Pick out all lines with the word "tree" from the records that follow.
Segment Start: GIVEN RECORDS
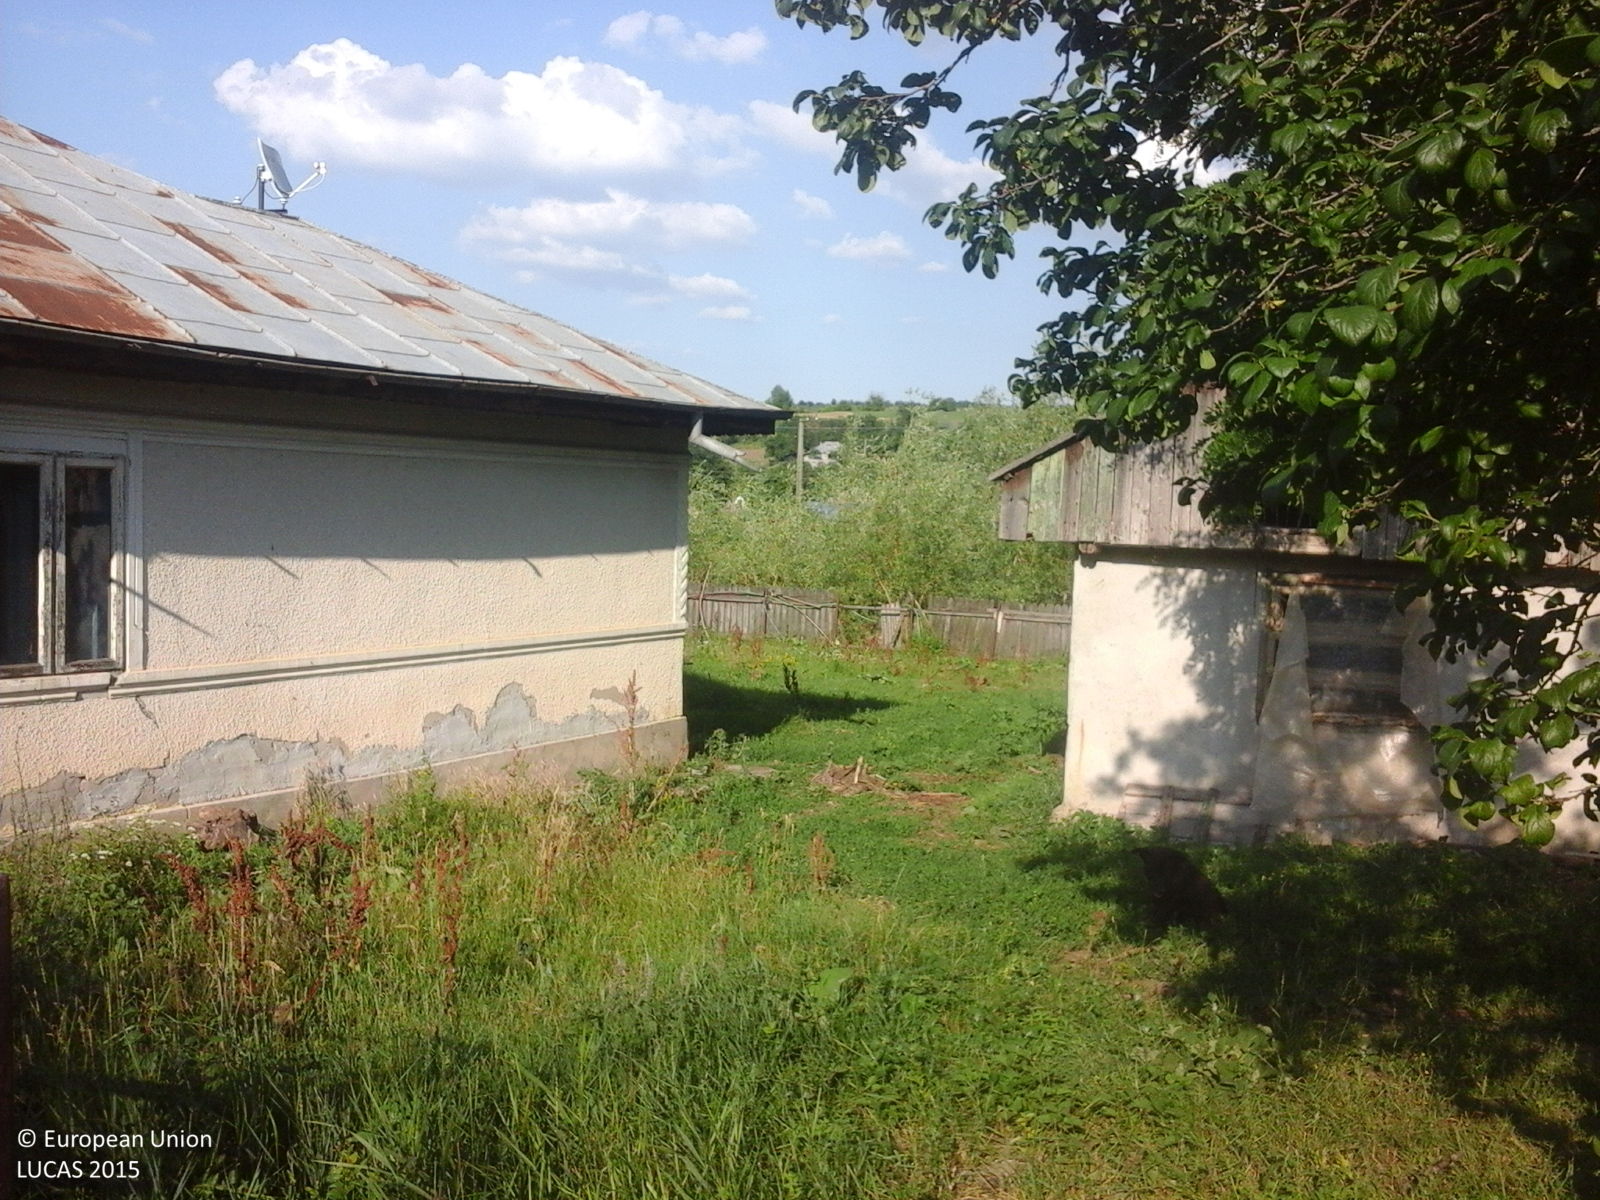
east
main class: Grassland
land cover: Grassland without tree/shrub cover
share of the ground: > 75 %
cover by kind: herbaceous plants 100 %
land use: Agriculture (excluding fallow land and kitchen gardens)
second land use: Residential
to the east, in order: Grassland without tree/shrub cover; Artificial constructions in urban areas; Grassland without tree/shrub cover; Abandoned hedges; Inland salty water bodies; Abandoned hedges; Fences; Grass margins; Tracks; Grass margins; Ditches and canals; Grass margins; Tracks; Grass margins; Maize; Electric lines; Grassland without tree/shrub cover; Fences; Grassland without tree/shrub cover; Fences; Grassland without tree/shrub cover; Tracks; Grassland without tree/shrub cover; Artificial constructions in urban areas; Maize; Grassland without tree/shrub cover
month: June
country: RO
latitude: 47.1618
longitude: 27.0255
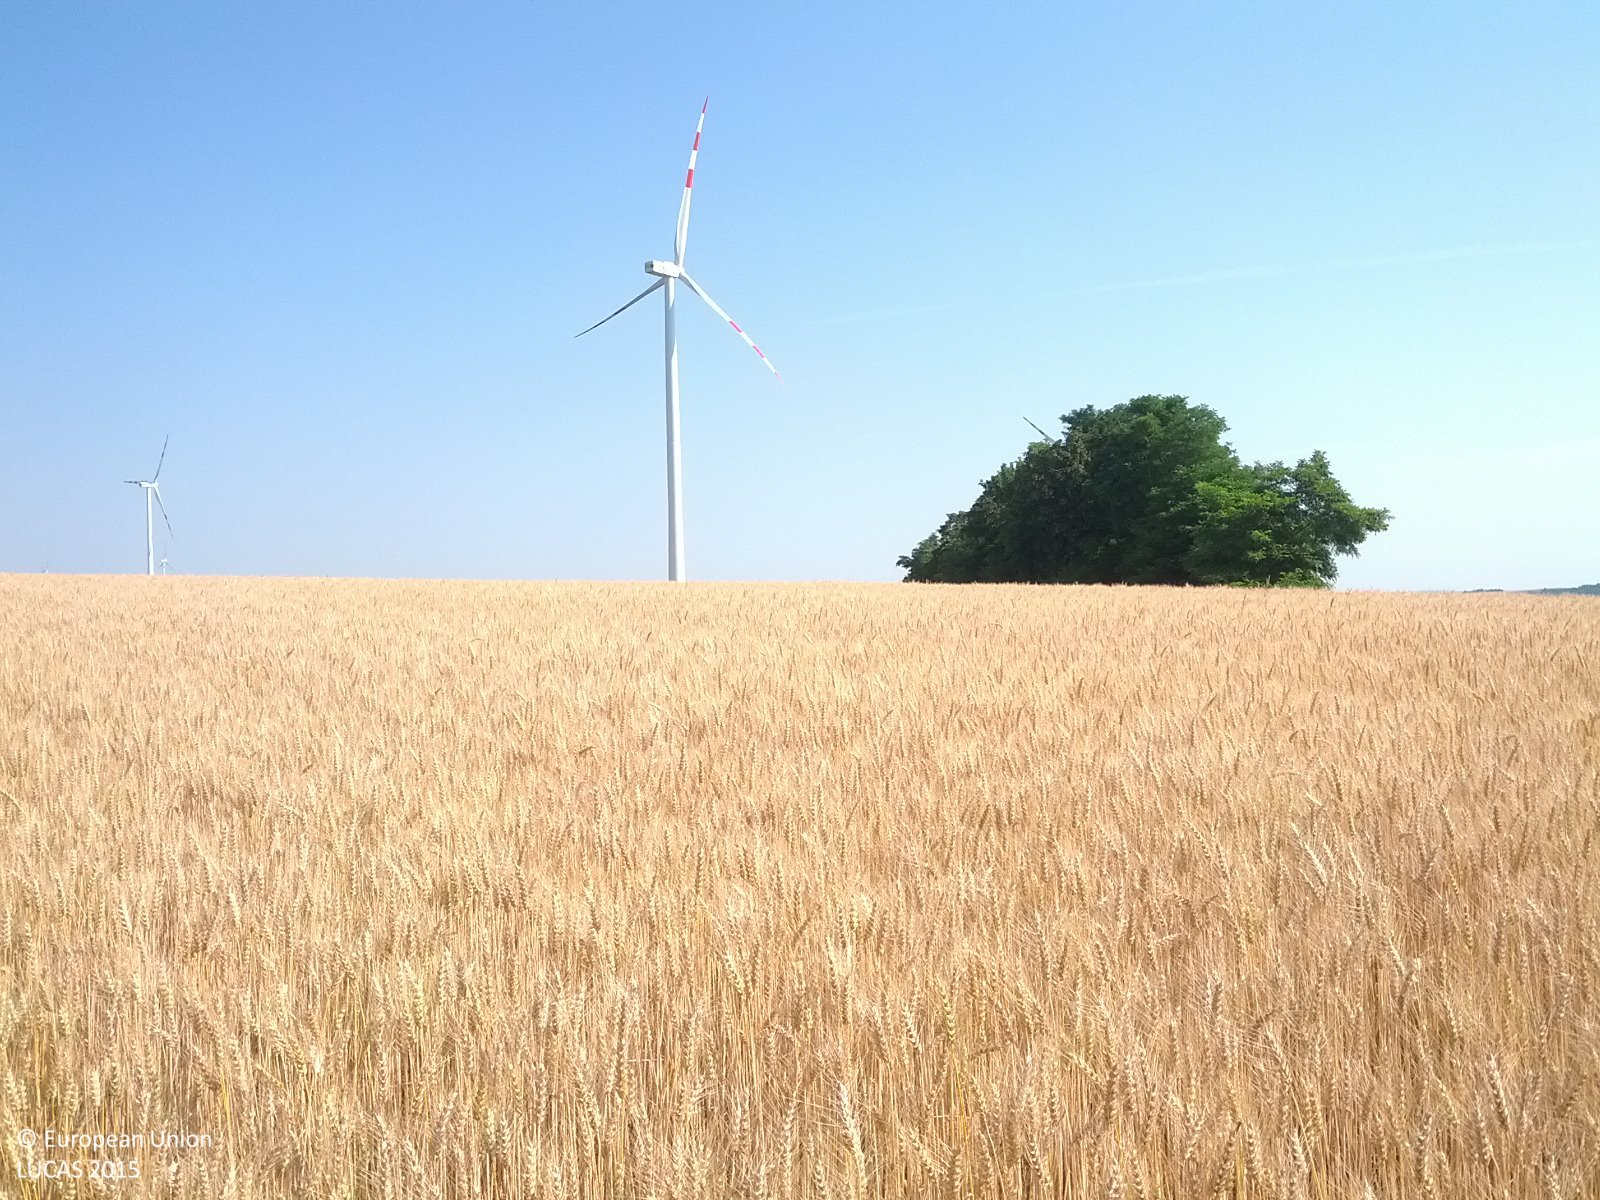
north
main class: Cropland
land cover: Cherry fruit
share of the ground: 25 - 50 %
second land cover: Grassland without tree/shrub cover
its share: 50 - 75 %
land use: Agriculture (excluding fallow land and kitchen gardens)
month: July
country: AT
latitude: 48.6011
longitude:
Segment End: GIVEN RECORDS
◆ RESULT BELOW
land cover: Grassland without tree/shrub cover
to the east, in order: Grassland without tree/shrub cover; Artificial constructions in urban areas; Grassland without tree/shrub cover; Abandoned hedges; Inland salty water bodies; Abandoned hedges; Fences; Grass margins; Tracks; Grass margins; Ditches and canals; Grass margins; Tracks; Grass margins; Maize; Electric lines; Grassland without tree/shrub cover; Fences; Grassland without tree/shrub cover; Fences; Grassland without tree/shrub cover; Tracks; Grassland without tree/shrub cover; Artificial constructions in urban areas; Maize; Grassland without tree/shrub cover
second land cover: Grassland without tree/shrub cover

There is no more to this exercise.